The use of the microscope, however, lent a fresh vigour to the believers in spontaneous generation; and, forced to relinquish the mouse and the insect, they still found satisfaction in germs. In the middle of the eighteenth century the doctrine was firmly upheld by an English priest, one Needham, whose experiments, in spite of the keen, and as we now know, unanswerable criticisms of the Abbé Spallanzani, were so convincing that he was early elected a Fellow of the Royal Society. From his time till late in the last century, the question of the spontaneous origin of microscopic life has from time to time troubled the mind of man. Pasteur, Tyndall, and others have at length laid that ghost. It would take too much space to discuss all the experiments made to solve this question. Pasteur’s work did not escape the liveliest criticism; and eventually, in order to settle the matter, he appealed to the Academy of Sciences to appoint a Commission to report on the experiments of himself and his opponents. It is needless to say that when the Committee met and inspected the experiments of Pasteur, and listened to the excuses of his critics, they pronounced absolutely in favour of Pasteur.

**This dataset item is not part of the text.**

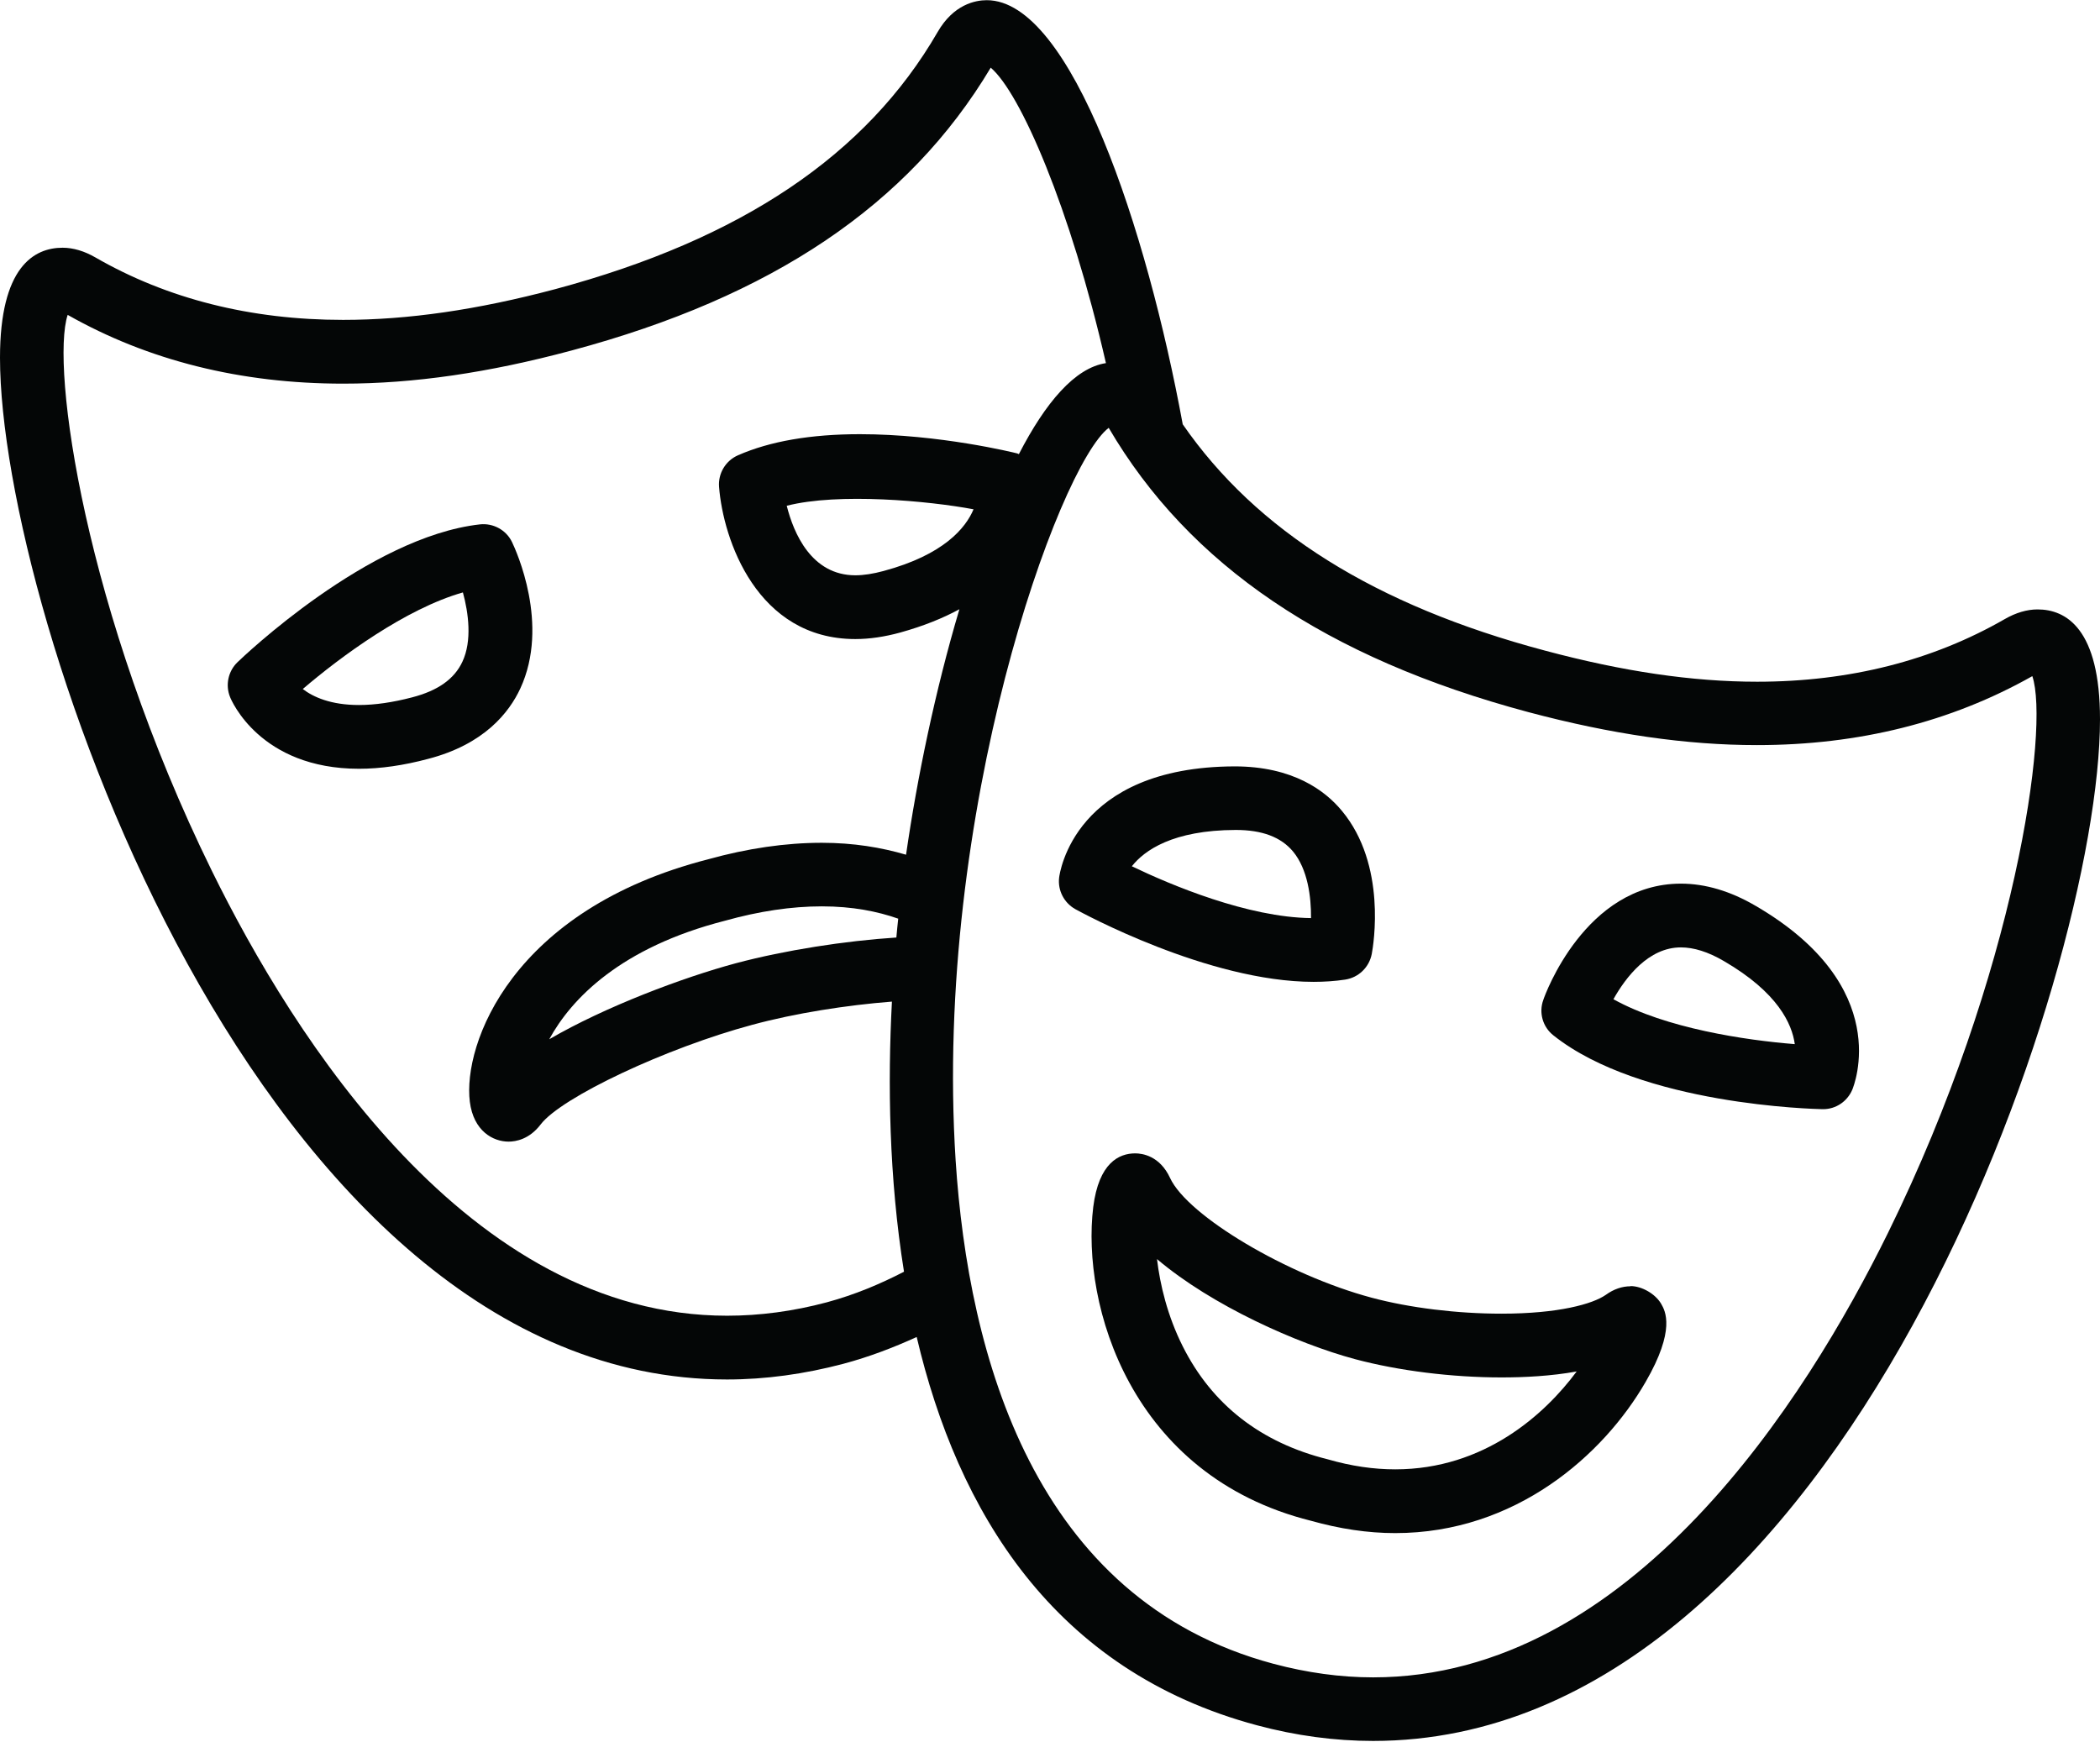 <?xml version="1.0" encoding="UTF-8"?><svg xmlns="http://www.w3.org/2000/svg" xmlns:xlink="http://www.w3.org/1999/xlink" height="36.5" preserveAspectRatio="xMidYMid meet" version="1.0" viewBox="0.0 0.0 44.0 36.5" width="44.0" zoomAndPan="magnify"><g fill="#040606" id="change1_1"><path d="M 23.715 18.152 C 23.977 17.82 24.57 17.395 25.891 17.391 C 26.445 17.391 26.836 17.539 27.09 17.84 C 27.402 18.215 27.473 18.797 27.469 19.238 C 26.145 19.223 24.535 18.547 23.715 18.152 Z M 28.184 20.527 C 28.465 20.484 28.688 20.27 28.742 19.988 C 28.777 19.801 29.059 18.125 28.117 16.992 C 27.766 16.566 27.09 16.059 25.867 16.059 C 22.508 16.07 22.203 18.293 22.191 18.391 C 22.16 18.656 22.293 18.918 22.531 19.051 C 22.645 19.113 25.309 20.574 27.523 20.574 C 27.75 20.574 27.973 20.559 28.184 20.527"/><path d="M 29.234 30.789 C 28.785 30.789 28.316 30.723 27.816 30.578 C 26.418 30.23 25.395 29.434 24.781 28.211 C 24.461 27.574 24.305 26.918 24.242 26.383 C 25.391 27.359 27.184 28.156 28.391 28.48 C 29.301 28.723 30.418 28.863 31.461 28.863 C 31.934 28.863 32.496 28.836 33.035 28.738 C 32.367 29.641 31.094 30.789 29.234 30.789 Z M 34.164 26.953 C 33.988 26.953 33.812 27.012 33.645 27.133 C 33.371 27.324 32.656 27.527 31.461 27.527 C 30.531 27.527 29.535 27.406 28.734 27.191 C 26.969 26.719 24.883 25.477 24.516 24.684 C 24.301 24.219 23.934 24.168 23.785 24.168 C 23.449 24.168 23.023 24.363 22.906 25.293 C 22.656 27.332 23.68 30.922 27.469 31.867 C 28.066 32.035 28.656 32.125 29.23 32.125 L 29.234 32.125 C 31.754 32.125 33.598 30.488 34.48 28.957 C 35.113 27.863 34.891 27.469 34.805 27.32 C 34.684 27.113 34.402 26.949 34.164 26.949 L 34.164 26.953"/><path d="M 39.559 25.832 C 37.848 29.312 34.172 35.148 28.77 35.148 C 28.086 35.148 27.383 35.051 26.68 34.863 C 21.656 33.52 20.289 28.387 20.023 24.32 C 19.555 17.02 22.184 9.762 23.23 8.965 C 24.914 11.84 27.789 13.789 32.023 14.922 C 33.77 15.387 35.336 15.613 36.812 15.613 L 36.816 15.613 C 38.941 15.613 40.871 15.133 42.582 14.168 C 42.945 15.238 42.238 20.387 39.559 25.832 Z M 18.82 19.25 C 18.805 19.379 18.793 19.512 18.781 19.645 C 17.703 19.715 16.449 19.91 15.418 20.184 C 14.316 20.48 12.68 21.094 11.508 21.777 C 11.969 20.93 13.004 19.852 15.191 19.293 C 15.902 19.094 16.582 18.992 17.219 18.992 C 17.863 18.992 18.387 19.098 18.82 19.25 Z M 20.398 10.672 C 20.234 11.062 19.777 11.625 18.512 11.965 C 18.297 12.023 18.098 12.055 17.922 12.055 C 17.004 12.055 16.629 11.176 16.484 10.598 C 17.566 10.32 19.465 10.496 20.398 10.672 Z M 17.324 27.289 C 16.621 27.477 15.918 27.57 15.234 27.57 C 9.824 27.57 6.148 21.727 4.438 18.246 C 1.77 12.816 1.059 7.684 1.418 6.598 C 3.105 7.555 5.047 8.039 7.188 8.039 C 8.668 8.039 10.234 7.812 11.977 7.344 C 16.176 6.219 19.039 4.297 20.758 1.418 C 21.379 1.945 22.426 4.352 23.172 7.609 C 22.523 7.707 21.906 8.434 21.348 9.516 C 21.336 9.512 21.324 9.504 21.309 9.5 C 21.246 9.484 19.684 9.098 18.016 9.098 C 16.988 9.098 16.133 9.246 15.465 9.539 C 15.203 9.652 15.043 9.922 15.066 10.203 C 15.152 11.305 15.859 13.391 17.922 13.391 C 18.219 13.391 18.535 13.344 18.863 13.254 C 19.355 13.117 19.758 12.953 20.102 12.766 C 19.598 14.457 19.215 16.305 18.984 17.91 C 18.465 17.758 17.883 17.66 17.219 17.66 C 16.461 17.66 15.66 17.777 14.844 18.004 C 10.719 19.059 9.695 21.883 9.844 23.086 C 9.922 23.703 10.332 23.922 10.656 23.922 C 10.805 23.922 11.09 23.875 11.328 23.562 C 11.762 22.992 13.961 21.957 15.766 21.473 C 16.664 21.23 17.738 21.062 18.688 20.988 C 18.598 22.691 18.625 24.676 18.941 26.648 C 18.441 26.906 17.914 27.129 17.324 27.289 Z M 42.691 12.77 C 42.469 12.77 42.234 12.84 42.004 12.973 C 40.496 13.84 38.754 14.285 36.816 14.285 C 35.457 14.285 34.004 14.07 32.371 13.633 C 28.805 12.684 26.324 11.121 24.781 8.891 C 24.031 4.812 22.449 0.004 20.676 0.004 C 20.438 0.004 19.98 0.09 19.645 0.672 C 18.156 3.246 15.535 5.012 11.633 6.059 C 10.004 6.492 8.551 6.703 7.188 6.703 C 5.25 6.703 3.504 6.262 2 5.395 C 1.77 5.262 1.535 5.191 1.312 5.191 C 0.711 5.191 0 5.594 0 7.496 C 0 12.824 5.402 28.902 15.23 28.906 L 15.234 28.906 C 16.035 28.906 16.855 28.793 17.668 28.578 C 18.223 28.43 18.727 28.234 19.207 28.016 C 20.062 31.652 22.062 35.008 26.336 36.152 C 27.152 36.371 27.969 36.48 28.77 36.48 C 38.598 36.48 44 20.402 44 15.074 C 44 13.172 43.289 12.77 42.691 12.77"/><path d="M 33.805 20.938 C 34.062 20.48 34.539 19.852 35.219 19.852 C 35.488 19.852 35.789 19.945 36.117 20.137 C 37.254 20.797 37.547 21.457 37.605 21.879 C 36.57 21.797 34.898 21.547 33.805 20.938 Z M 36.789 18.984 C 36.258 18.672 35.73 18.516 35.219 18.516 C 33.215 18.516 32.367 20.852 32.336 20.953 C 32.238 21.219 32.324 21.52 32.547 21.695 C 34.387 23.16 38.031 23.238 38.184 23.242 L 38.199 23.242 C 38.465 23.242 38.703 23.082 38.809 22.836 C 38.844 22.75 39.691 20.676 36.789 18.984"/><path d="M 9.688 13.867 C 9.52 14.227 9.176 14.473 8.633 14.613 C 8.227 14.719 7.855 14.773 7.52 14.773 C 6.93 14.773 6.562 14.605 6.344 14.438 C 7.133 13.762 8.5 12.754 9.699 12.414 C 9.816 12.844 9.895 13.426 9.688 13.867 Z M 10.902 14.426 C 11.523 13.086 10.812 11.535 10.73 11.363 C 10.609 11.105 10.332 10.957 10.055 10.988 C 7.719 11.25 5.086 13.77 4.973 13.879 C 4.781 14.066 4.719 14.355 4.82 14.605 C 4.844 14.668 5.445 16.109 7.523 16.109 C 7.969 16.109 8.457 16.039 8.969 15.902 C 10.145 15.598 10.668 14.93 10.902 14.426"/></g></svg>

In 1862 Pasteur succeeded Senarmont as a member of the Academy of Sciences; and, it is interesting to note, he was presented by the mineralogical section. During this year he had interested himself in the manufacture of vinegar, which is extensively carried on in and around Orleans. He investigated the action of the Mycoderma aceti, the mould whose activity converts alcohol into acetic acid; and he taught the manufacturers the importance of pure cultures, showing them how, by a careful manipulation of the temperature, and by artificially sowing the fungus which effects the chemical change, the product they sought could be produced in a week or ten days, instead of requiring two or three months. This problem naturally led on to the acetous fermentation of wine, the cause of great loss to French wine exporters. Pasteur was able to demonstrate that the sourness of wine is caused by various foreign organisms, each of which causes a peculiar flavour to appear in the wine it attacks. The bouquet of wine is notoriously a delicate object, easily disturbed; and the question arose how to check the growth of the organisms without interfering with the bouquet. Pasteur solved it as he solved similar problems with regard to milk. He was able to show that after wine is properly oxygenated, if it be heated to a temperature of some 55° to 60° C. the acid-forming micro-organisms are destroyed, whilst the bouquet is unaffected. Perhaps one of Pasteur’s greatest triumphs was his success in demonstrating this to a representative assemblage of wine-tasters, notoriously a very opinionative class of people.